__WHAT YOU NEED TO DO__: The reply should contain the full listing exactly as written and no pictures at all.

__DATA LISTING__:
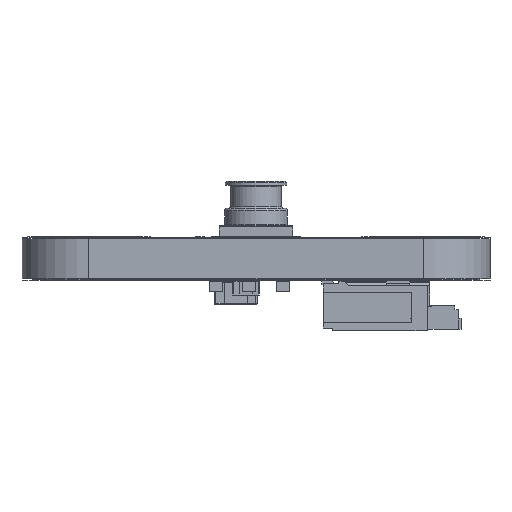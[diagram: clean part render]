
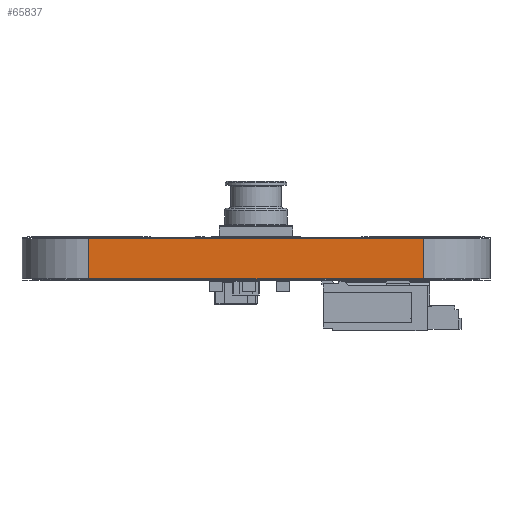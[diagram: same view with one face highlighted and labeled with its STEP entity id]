
A CAD part, left-side view. The second image highlights one B-rep face of the part: STEP entity #65837.
In plain terms, the highlighted planar face has unit normal (-1, 0, 0).
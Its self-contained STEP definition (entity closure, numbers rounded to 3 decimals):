
#65398 = VERTEX_POINT('',#65399);
#65399 = CARTESIAN_POINT('',(127.,-101.6,0.));
#65406 = EDGE_CURVE('',#65407,#65398,#65409,.T.);
#65407 = VERTEX_POINT('',#65408);
#65408 = CARTESIAN_POINT('',(127.,-114.3,0.));
#65409 = LINE('',#65410,#65411);
#65410 = CARTESIAN_POINT('',(127.,-114.3,0.));
#65411 = VECTOR('',#65412,1.);
#65412 = DIRECTION('',(0.,1.,0.));
#65604 = VERTEX_POINT('',#65605);
#65605 = CARTESIAN_POINT('',(127.,-101.6,1.524));
#65612 = EDGE_CURVE('',#65613,#65604,#65615,.T.);
#65613 = VERTEX_POINT('',#65614);
#65614 = CARTESIAN_POINT('',(127.,-114.3,1.524));
#65615 = LINE('',#65616,#65617);
#65616 = CARTESIAN_POINT('',(127.,-114.3,1.524));
#65617 = VECTOR('',#65618,1.);
#65618 = DIRECTION('',(0.,1.,0.));
#65807 = EDGE_CURVE('',#65398,#65604,#65808,.T.);
#65808 = LINE('',#65809,#65810);
#65809 = CARTESIAN_POINT('',(127.,-101.6,0.));
#65810 = VECTOR('',#65811,1.);
#65811 = DIRECTION('',(0.,0.,1.));
#65837 = ADVANCED_FACE('',(#65838),#65849,.T.);
#65838 = FACE_BOUND('',#65839,.T.);
#65839 = EDGE_LOOP('',(#65840,#65846,#65847,#65848));
#65840 = ORIENTED_EDGE('',*,*,#65841,.T.);
#65841 = EDGE_CURVE('',#65407,#65613,#65842,.T.);
#65842 = LINE('',#65843,#65844);
#65843 = CARTESIAN_POINT('',(127.,-114.3,0.));
#65844 = VECTOR('',#65845,1.);
#65845 = DIRECTION('',(0.,0.,1.));
#65846 = ORIENTED_EDGE('',*,*,#65612,.T.);
#65847 = ORIENTED_EDGE('',*,*,#65807,.F.);
#65848 = ORIENTED_EDGE('',*,*,#65406,.F.);
#65849 = PLANE('',#65850);
#65850 = AXIS2_PLACEMENT_3D('',#65851,#65852,#65853);
#65851 = CARTESIAN_POINT('',(127.,-114.3,0.));
#65852 = DIRECTION('',(-1.,0.,0.));
#65853 = DIRECTION('',(0.,1.,0.));

__OUTPUT__:
[diagram: clean part render]
[diagram: same view with one face highlighted and labeled with its STEP entity id]
A CAD part, left-side view. The second image highlights one B-rep face of the part: STEP entity #65837.
In plain terms, the highlighted planar face has unit normal (-1, 0, 0).
Its self-contained STEP definition (entity closure, numbers rounded to 3 decimals):
#65398 = VERTEX_POINT('',#65399);
#65399 = CARTESIAN_POINT('',(127.,-101.6,0.));
#65406 = EDGE_CURVE('',#65407,#65398,#65409,.T.);
#65407 = VERTEX_POINT('',#65408);
#65408 = CARTESIAN_POINT('',(127.,-114.3,0.));
#65409 = LINE('',#65410,#65411);
#65410 = CARTESIAN_POINT('',(127.,-114.3,0.));
#65411 = VECTOR('',#65412,1.);
#65412 = DIRECTION('',(0.,1.,0.));
#65604 = VERTEX_POINT('',#65605);
#65605 = CARTESIAN_POINT('',(127.,-101.6,1.524));
#65612 = EDGE_CURVE('',#65613,#65604,#65615,.T.);
#65613 = VERTEX_POINT('',#65614);
#65614 = CARTESIAN_POINT('',(127.,-114.3,1.524));
#65615 = LINE('',#65616,#65617);
#65616 = CARTESIAN_POINT('',(127.,-114.3,1.524));
#65617 = VECTOR('',#65618,1.);
#65618 = DIRECTION('',(0.,1.,0.));
#65807 = EDGE_CURVE('',#65398,#65604,#65808,.T.);
#65808 = LINE('',#65809,#65810);
#65809 = CARTESIAN_POINT('',(127.,-101.6,0.));
#65810 = VECTOR('',#65811,1.);
#65811 = DIRECTION('',(0.,0.,1.));
#65837 = ADVANCED_FACE('',(#65838),#65849,.T.);
#65838 = FACE_BOUND('',#65839,.T.);
#65839 = EDGE_LOOP('',(#65840,#65846,#65847,#65848));
#65840 = ORIENTED_EDGE('',*,*,#65841,.T.);
#65841 = EDGE_CURVE('',#65407,#65613,#65842,.T.);
#65842 = LINE('',#65843,#65844);
#65843 = CARTESIAN_POINT('',(127.,-114.3,0.));
#65844 = VECTOR('',#65845,1.);
#65845 = DIRECTION('',(0.,0.,1.));
#65846 = ORIENTED_EDGE('',*,*,#65612,.T.);
#65847 = ORIENTED_EDGE('',*,*,#65807,.F.);
#65848 = ORIENTED_EDGE('',*,*,#65406,.F.);
#65849 = PLANE('',#65850);
#65850 = AXIS2_PLACEMENT_3D('',#65851,#65852,#65853);
#65851 = CARTESIAN_POINT('',(127.,-114.3,0.));
#65852 = DIRECTION('',(-1.,0.,0.));
#65853 = DIRECTION('',(0.,1.,0.));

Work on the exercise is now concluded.